L’art mental du renseignement
Une mauvaise gestion des ressources humaines créerait une faille de sécurité potentielle, pas forcément dans l’immédiat. Cela peut très bien se produire à tout moment : au cheminement ou en fin de carrière, parfois même après la retraite. C’est pour cela que dans pas mal de métiers à risques, beaucoup de pays recourent systématiquement à une évaluation des tendances dysfonctionnelles de la personnalité du personnel. Pour un service de renseignement, il ne s’agit pas uniquement de s’assurer que les nouvelles recrues susceptibles de rejoindre leurs rangs collent parfaitement avec l’esprit de la maison. Le plus important est de suivre leur évolution car au moment du recrutement, les tests de personnalité peuvent révéler une facette trompeuse.
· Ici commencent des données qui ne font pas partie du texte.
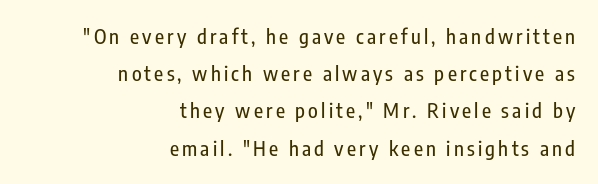
{"italic": "no", "underline": "no", "align": "right", "line_spacing_ratio": 1.86, "glyph_px": 20}
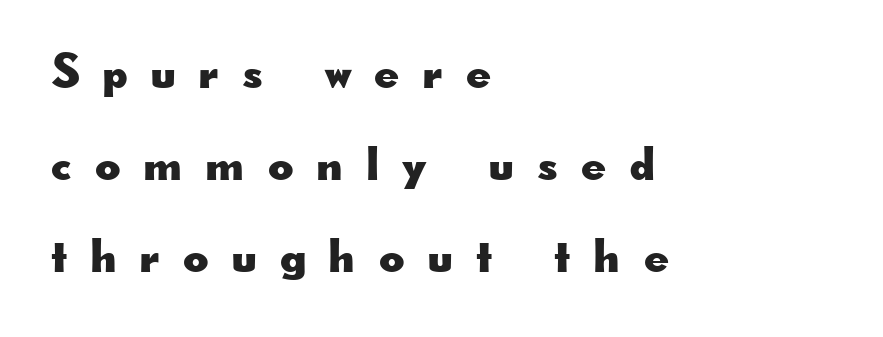
The type family on display is of the sans-serif kind. The axis of the letterforms is exactly vertical. Here the designer chose a conventional face with non-uniform glyph widths. A student would call this left alignment; a typographer would say flush left, rag right. Type without underlining.
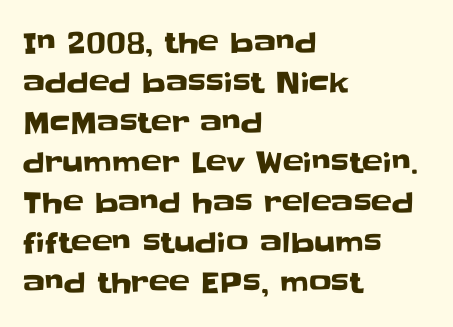
Q: Is the text italic (slanted)? A: No, it is upright.
Q: Is the typeface a serif or a sans-serif typeface? A: Sans-serif.
Q: Is the text underlined? A: No.
Q: How is the paragraph aligned? A: Left-aligned.
Q: Is the spacing between letters normal or unusually wide? A: Normal.
Q: Is the spacing between lines tight, normal or loose? A: Normal.
Q: Width (condensed, normal, or wide)? A: Normal.
Q: Stroke contrast? A: Low.
Q: x-height? A: Large.
Q: Monospaced? A: No.

En effet, assez souvent, le candidat pour être retenu adapte ses réponses à ce qui est attendu. Pour obtenir des profils bien précis et fidèles des candidats, il faut aller bien au-delà des tests classiques de personnalité et des enquêtes de proximité, en adoptant des approches combinées, à commencer par une évaluation de leurs capacités à s’intégrer et à performer dans des contextes professionnels variés. A l’ère actuelle, un vrai manager des ressources humaines au sein des services de renseignement n’est pas forcément celui qui a poursuivi des études avancées en ressources humaines ou en gestion du personnel ou encore qui a travaillé dans ce métier pendant plusieurs années. Ce serait plutôt celui qui arrive à anticiper et atténuer les situations de crise, à commencer par une bonne gestion du capital humain. D’autant plus qu’il devrait être doté d’une vraie culture de renseignement, d’un sens relationnel développé et qu’il soit pleinement conscient des enjeux et de l’importance des outils d’intelligence artificielle à différents niveaux de perception et de connaissance. En répondant à ces critères de compétence, d'intégrité et d'aptitudes, cela facilite la compréhension, l’anticipation et l’influence des comportements humains. En résumé, une gestion des ressources humaines bien orchestrée améliore grandement l’efficacité stratégique et opérationnelle de tout service de renseignement et promeut une culture organisationnelle axée sur l’éthique, la responsabilité et l’excellence.